Savient and Teva came out the winners in a patent dispute that has been going on for a couple years now regarding human growth hormone. The District Court of the District of Delaware found Novo Nordisk's patent 5,633,352 invalid due on anticipation ground and unenforceable due to its inequitable conduct. The decisions can be found here , then click on "Opinions" and the matters of Novo Nordisk Pharmaceuticals v. Bio-Technology General Corp., et al. and Bio-Technology General Corp. v. Novo Nordisk A/S, et. al..
With a potential current market estimated at $500 million and growing, Novo Nordisk will likely try to appeal this decision. But a word or two about the inequitable conduct here ...
While findings of inequitable conduct aren't rare, they are fairly difficult to prove and are rather a slap in the face to the plaintiffs. "Inequitable conduct" is raised by defendants to patent infringment claims, saying that even if the defendant infringed the patent's claims, the patent owner (usually, plaintiff) engaged in inequitable conduct during the prosecution of the patent and materially mislead the PTO. In short, anyone prosecuting a patent has a duty of candor, good faith and honesty to the PTO during the prosecution of the patent. For a finding by the court of inequitable conduct, the defendant must show (by clear and convincing evidence) that 1) the omitted or false information was material to patentability of the invention, or 2) the applicant had knowledge of the existence and materiality of the information, and 3) the applicant intended to deceive the PTO.
Remember how when you were kids, and someone would suggest doing something that you thought was boring and it was "cool" to comeback with "let's not and say we did?" This case basically says "don't use that with the PTO."
Here, in a application upstream to the '352 patent, Novo Nordisk included an example that was written in the past tense, stating that a certain prosequence "was" expressed and evaluated, and that certain other steps "were" conducted and certain results "were" achieved. The court found that this example was material to the examiner's consideration of the upsteam patent applications's enablement requirement, and that as Novo did not inform the examiner that the cleavage and purification steps had not actually been performed, it could be inferred that Novo intended to deceive the PTO.
Unfortunately for Novo Nordisk, if inequitable conduct is found in just one claim, that renders the entire application or patent unenforceable, and that unenforceability goes downstream to all patents originating from the first unenforceable application. So, even though that one example went to Claim 1 of the upstream application, the '352 patent could be unenforceable.

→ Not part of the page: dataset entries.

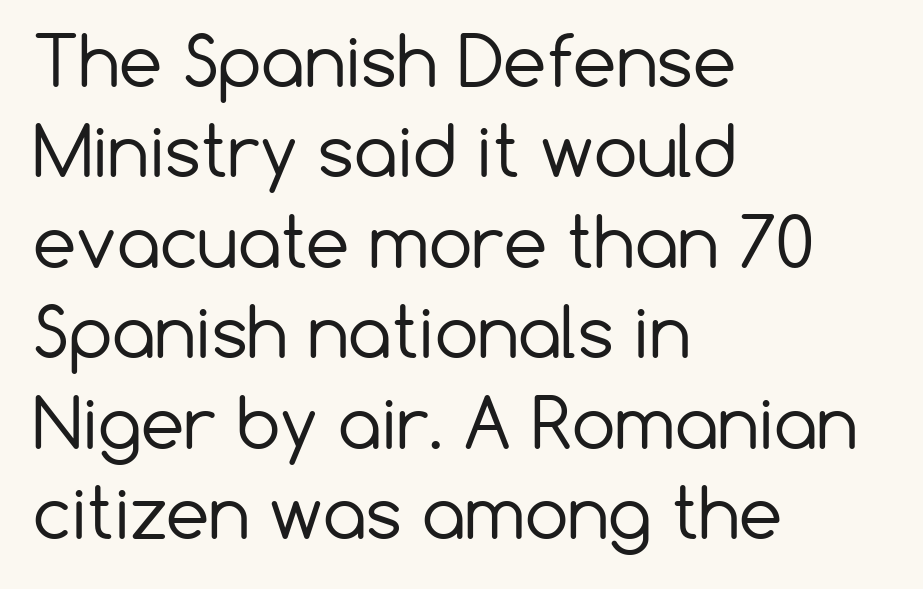
The image shows 69 px regular-weight sans-serif type, upright; set left-aligned, normal line spacing (1.31x), normal letter spacing, not underlined; low stroke contrast and a medium x-height.
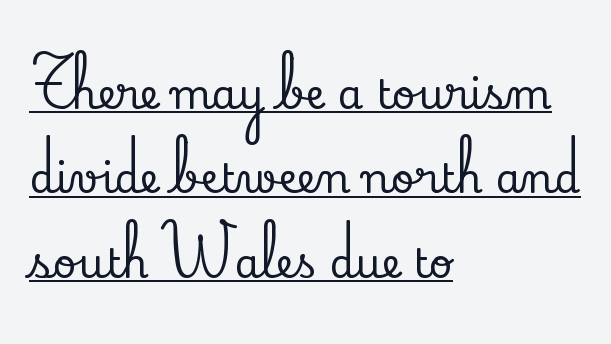
The image shows 41 px serif type, upright; set left-aligned, loose line spacing (2.06x), normal letter spacing, underlined; low stroke contrast and a small x-height.
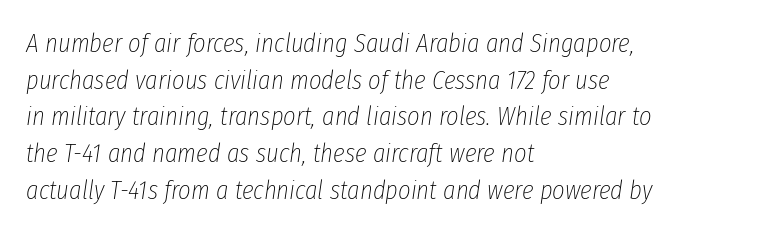
{"italic": "yes", "lean": "right", "slant_degrees": 8, "bold": "no", "underline": "no", "align": "left", "line_spacing": "normal", "line_spacing_ratio": 1.36, "letter_spacing": "normal", "letter_spacing_em": 0.0, "glyph_px": 27}
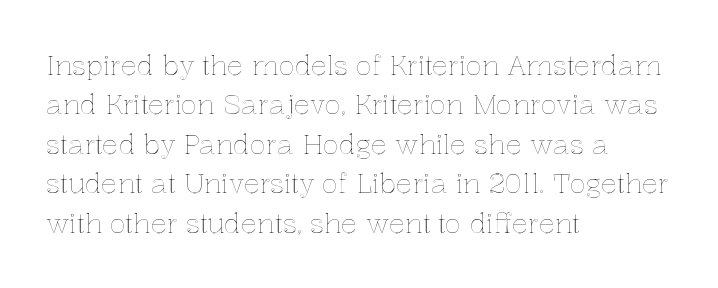
{"italic": "no", "underline": "no", "align": "left", "line_spacing": "normal", "line_spacing_ratio": 1.46, "letter_spacing": "normal", "letter_spacing_em": 0.0, "glyph_px": 27}
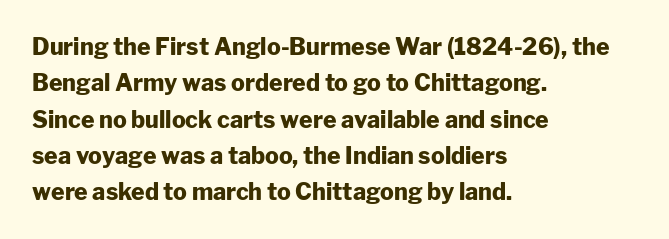
{"italic": "no", "bold": "yes", "underline": "no", "align": "left", "line_spacing": "normal", "line_spacing_ratio": 1.58, "letter_spacing": "normal", "letter_spacing_em": 0.0, "glyph_px": 23}
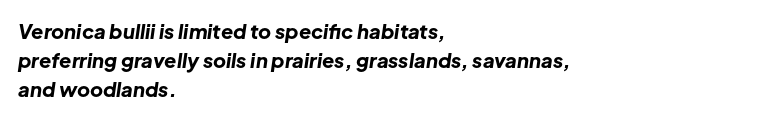
The image shows 20 px bold type, italic (leaning right); set left-aligned, normal line spacing (1.44x), normal letter spacing, not underlined.
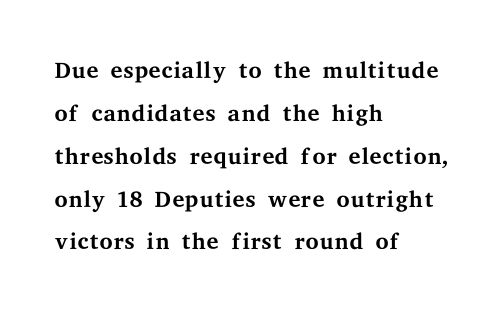
Q: Is the text bold? A: No.
Q: Is the text italic (slanted)? A: No, it is upright.
Q: Is the typeface a serif or a sans-serif typeface? A: Serif.
Q: Is the text underlined? A: No.
Q: How is the paragraph aligned? A: Left-aligned.
Q: Is the spacing between letters normal or unusually wide? A: Normal.
Q: Is the spacing between lines tight, normal or loose? A: Normal.
Q: Width (condensed, normal, or wide)? A: Wide.
Q: Stroke contrast? A: Medium.
Q: x-height? A: Medium.
Q: Monospaced? A: No.
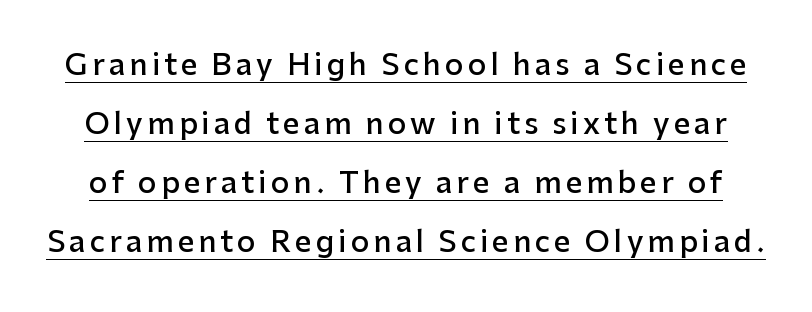
Q: Is the text bold? A: Semi-bold.
Q: Is the text italic (slanted)? A: No, it is upright.
Q: Is the typeface a serif or a sans-serif typeface? A: Sans-serif.
Q: Is the text underlined? A: Yes.
Q: Is the spacing between lines tight, normal or loose? A: Loose.
Q: Width (condensed, normal, or wide)? A: Normal.
Q: Stroke contrast? A: Low.
Q: x-height? A: Medium.
Q: Monospaced? A: No.
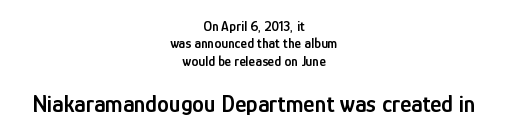
Q: Is the text bold? A: Semi-bold.
Q: Is the text italic (slanted)? A: No, it is upright.
Q: Is the text underlined? A: No.
Q: How is the paragraph aligned? A: Centered.
Q: Is the spacing between letters normal or unusually wide? A: Normal.
Q: Is the spacing between lines tight, normal or loose? A: Normal.
Q: Which block of text is set in a larger size, the first (top) or the second (bottom)? A: The second (bottom) one.
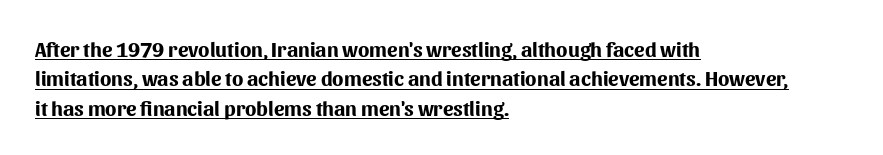
The image shows 21 px bold type, upright; set left-aligned, normal line spacing (1.4x), normal letter spacing, underlined.

What I always think is a shame in these cases is that the scientists really worked so hard to come up with certain innovations, just to see their work go up in flames (metaphorically). As a note, the court in BGT v. Novo Nordisk found that the scientist didn't really do anything (he'd helped write the example, but not with the intent of deception) - it was the company's subsequent actions in never telling the PTO that he example wasn't true that was the deception.
One thing I've never gotten a straight answer on is the remuneration to the scientist/employees in these situations. Obviously, their employment contracts will generally govern how they're paid and any bonuses they may receive for patents that are issued from work they author for the company. But what if the patent issues and then the court finds it invalid because of the conduct of others in the company (not the scientists)? I can see the scientist coming up with very valid arguments for why he/she should keep the money already given by the company, but wonder if some companies have been miserly enough to ask for the money back? Although some companies are good about going back and revising their comp packages for the scientists as caselaw develops and situations arise, and some are already really thorough with all the different permutations that may happen, there are many that don't think about the case when a patent issues and then is invalidated or unenforceable.